## The problem
Give a verbatim copy of the lines below, minus the pictures.

## Data for analysis
_ _ _
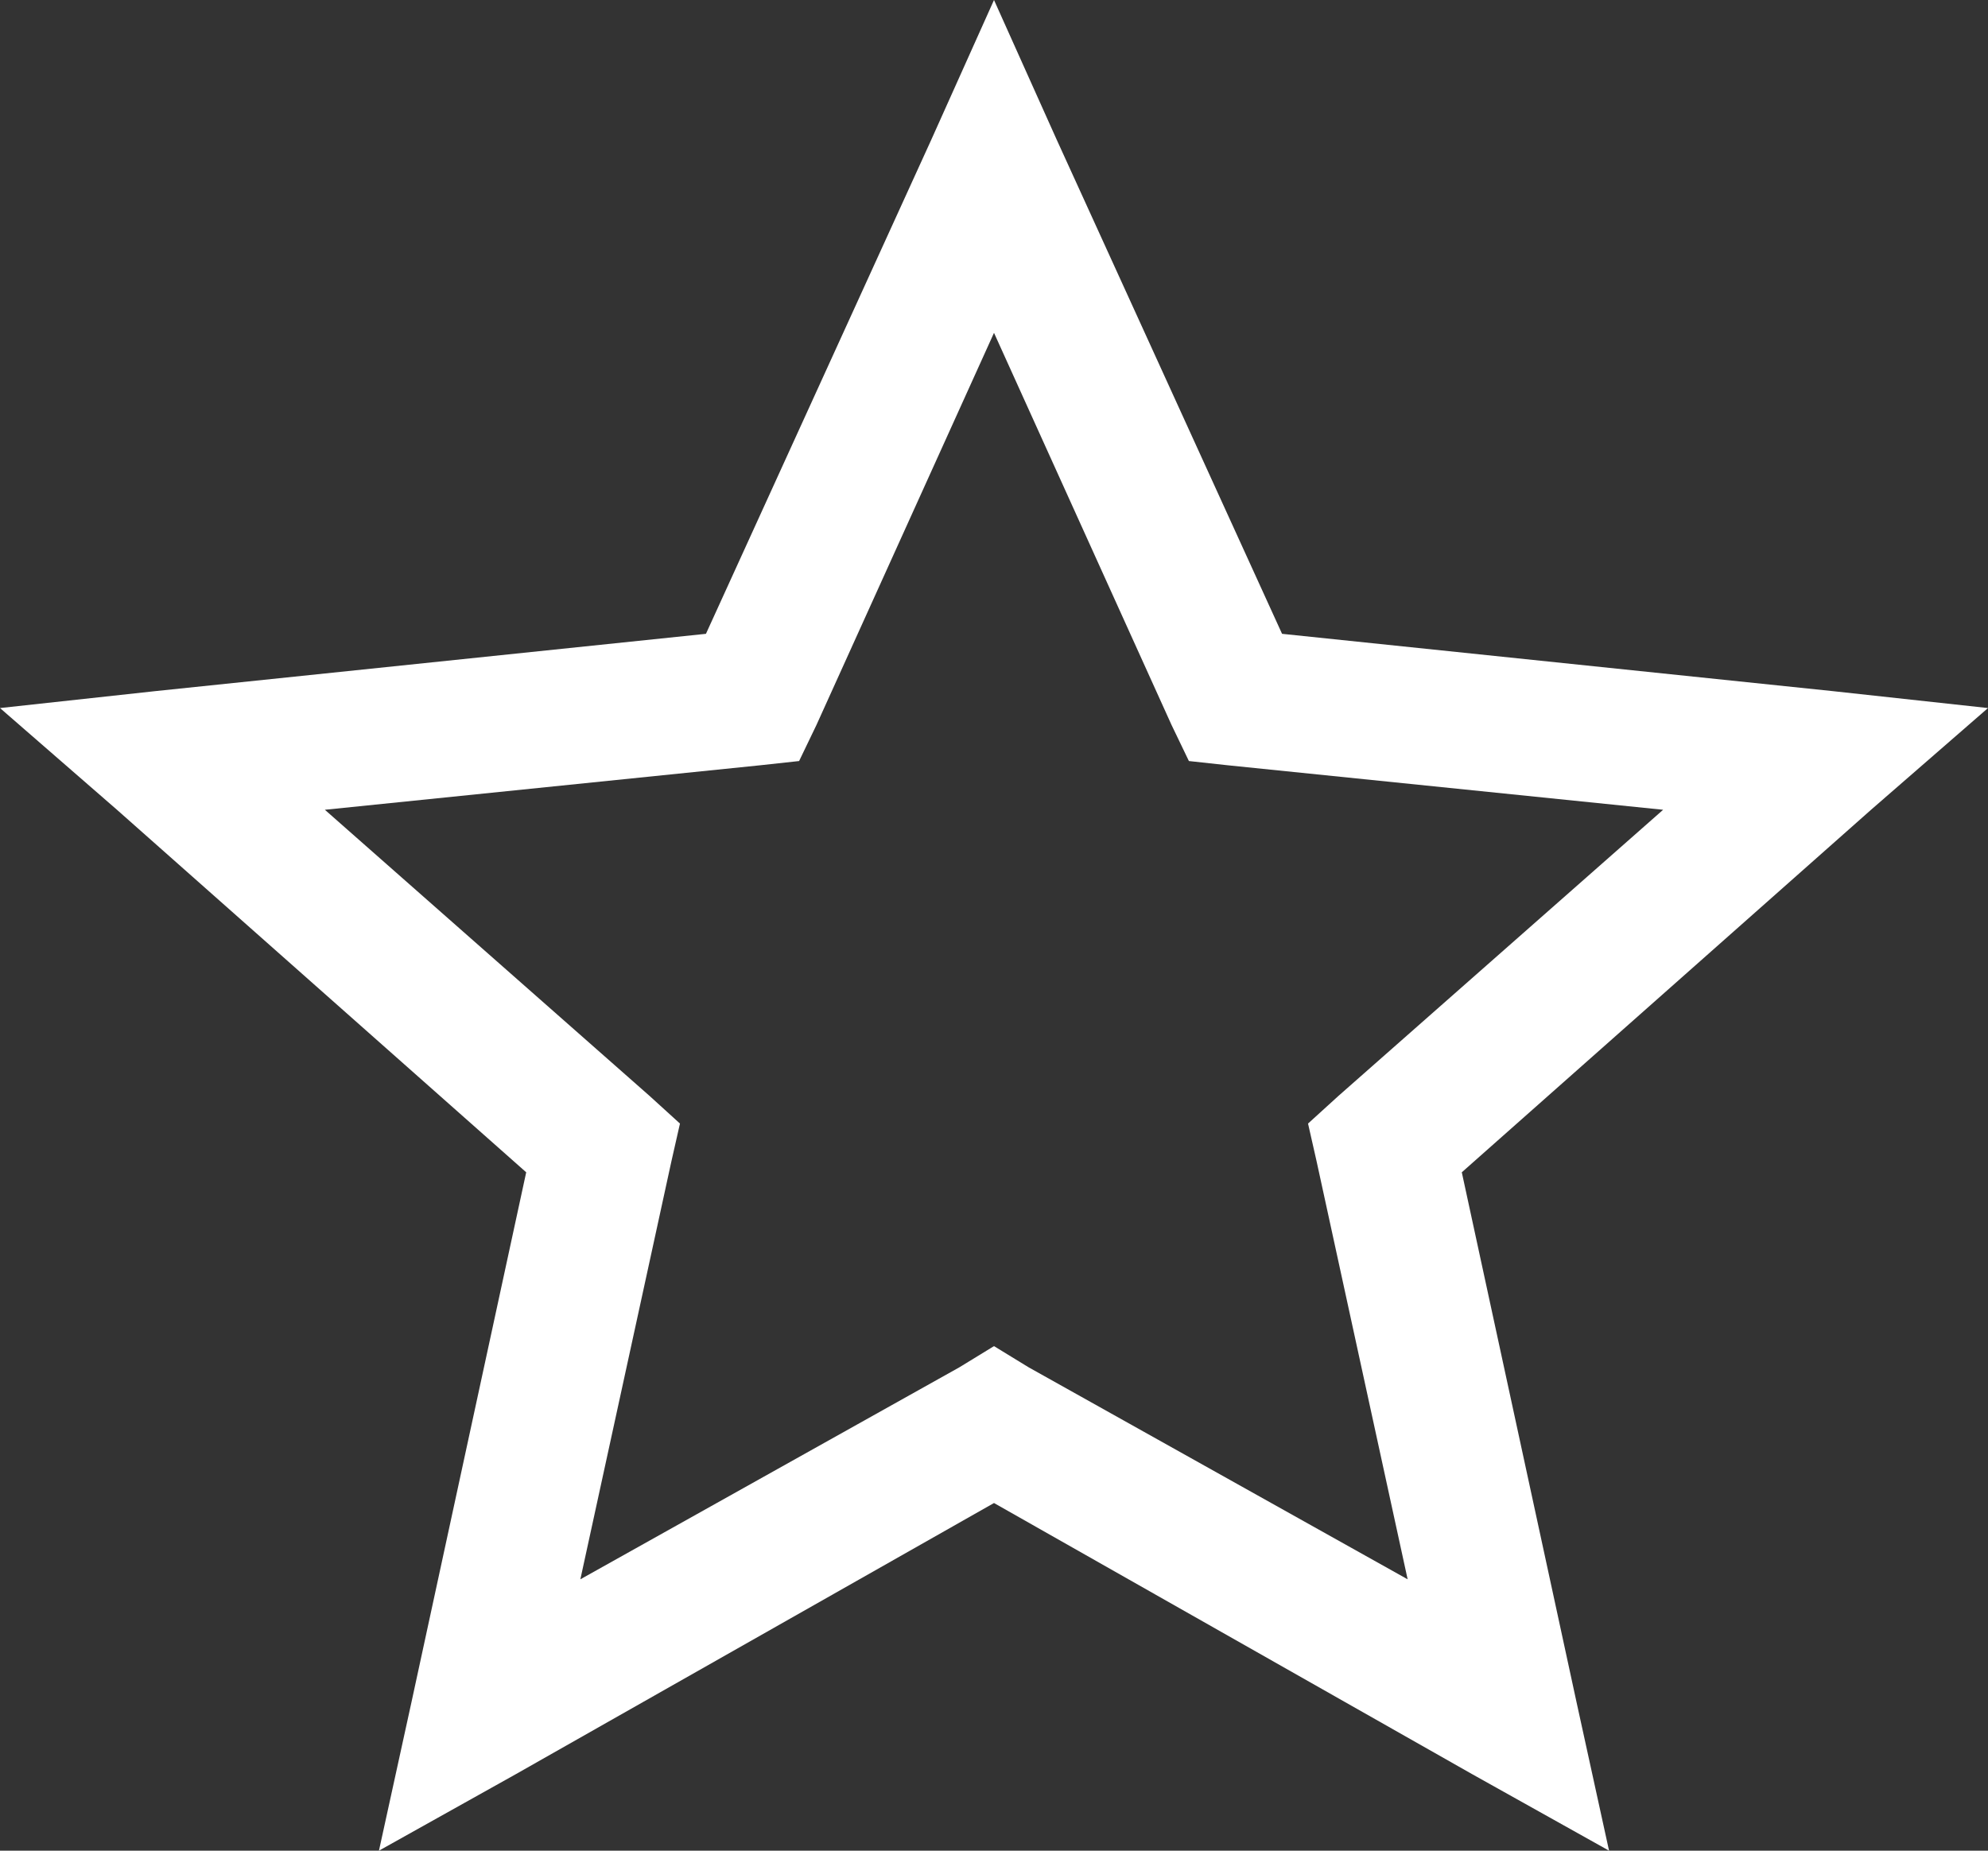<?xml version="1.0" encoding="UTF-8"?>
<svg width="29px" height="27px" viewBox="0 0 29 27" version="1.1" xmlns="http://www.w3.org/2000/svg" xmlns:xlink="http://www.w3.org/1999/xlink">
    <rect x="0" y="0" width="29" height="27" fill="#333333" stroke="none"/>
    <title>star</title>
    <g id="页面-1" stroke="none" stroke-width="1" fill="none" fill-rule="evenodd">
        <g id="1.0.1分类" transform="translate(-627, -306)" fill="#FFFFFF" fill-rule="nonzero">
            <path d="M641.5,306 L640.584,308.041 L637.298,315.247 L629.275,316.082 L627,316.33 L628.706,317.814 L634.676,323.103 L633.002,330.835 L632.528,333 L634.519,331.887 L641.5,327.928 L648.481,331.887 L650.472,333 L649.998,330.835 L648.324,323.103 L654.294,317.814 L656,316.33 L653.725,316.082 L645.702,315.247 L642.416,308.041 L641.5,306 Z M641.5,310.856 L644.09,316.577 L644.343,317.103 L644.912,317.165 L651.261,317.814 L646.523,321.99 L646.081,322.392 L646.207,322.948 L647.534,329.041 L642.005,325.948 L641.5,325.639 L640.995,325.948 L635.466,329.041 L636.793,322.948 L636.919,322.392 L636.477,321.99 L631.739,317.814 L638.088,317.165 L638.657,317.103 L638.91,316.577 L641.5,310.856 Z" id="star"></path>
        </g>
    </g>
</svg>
_ _ _
## Reply
<?xml version="1.0" encoding="UTF-8"?>
<svg width="29px" height="27px" viewBox="0 0 29 27" version="1.1" xmlns="http://www.w3.org/2000/svg" xmlns:xlink="http://www.w3.org/1999/xlink">
    <rect x="0" y="0" width="29" height="27" fill="#333333" stroke="none"/>
    <title>star</title>
    <g id="页面-1" stroke="none" stroke-width="1" fill="none" fill-rule="evenodd">
        <g id="1.0.1分类" transform="translate(-627, -306)" fill="#FFFFFF" fill-rule="nonzero">
            <path d="M641.5,306 L640.584,308.041 L637.298,315.247 L629.275,316.082 L627,316.33 L628.706,317.814 L634.676,323.103 L633.002,330.835 L632.528,333 L634.519,331.887 L641.5,327.928 L648.481,331.887 L650.472,333 L649.998,330.835 L648.324,323.103 L654.294,317.814 L656,316.33 L653.725,316.082 L645.702,315.247 L642.416,308.041 L641.5,306 Z M641.5,310.856 L644.09,316.577 L644.343,317.103 L644.912,317.165 L651.261,317.814 L646.523,321.99 L646.081,322.392 L646.207,322.948 L647.534,329.041 L642.005,325.948 L641.5,325.639 L640.995,325.948 L635.466,329.041 L636.793,322.948 L636.919,322.392 L636.477,321.99 L631.739,317.814 L638.088,317.165 L638.657,317.103 L638.91,316.577 L641.5,310.856 Z" id="star"></path>
        </g>
    </g>
</svg>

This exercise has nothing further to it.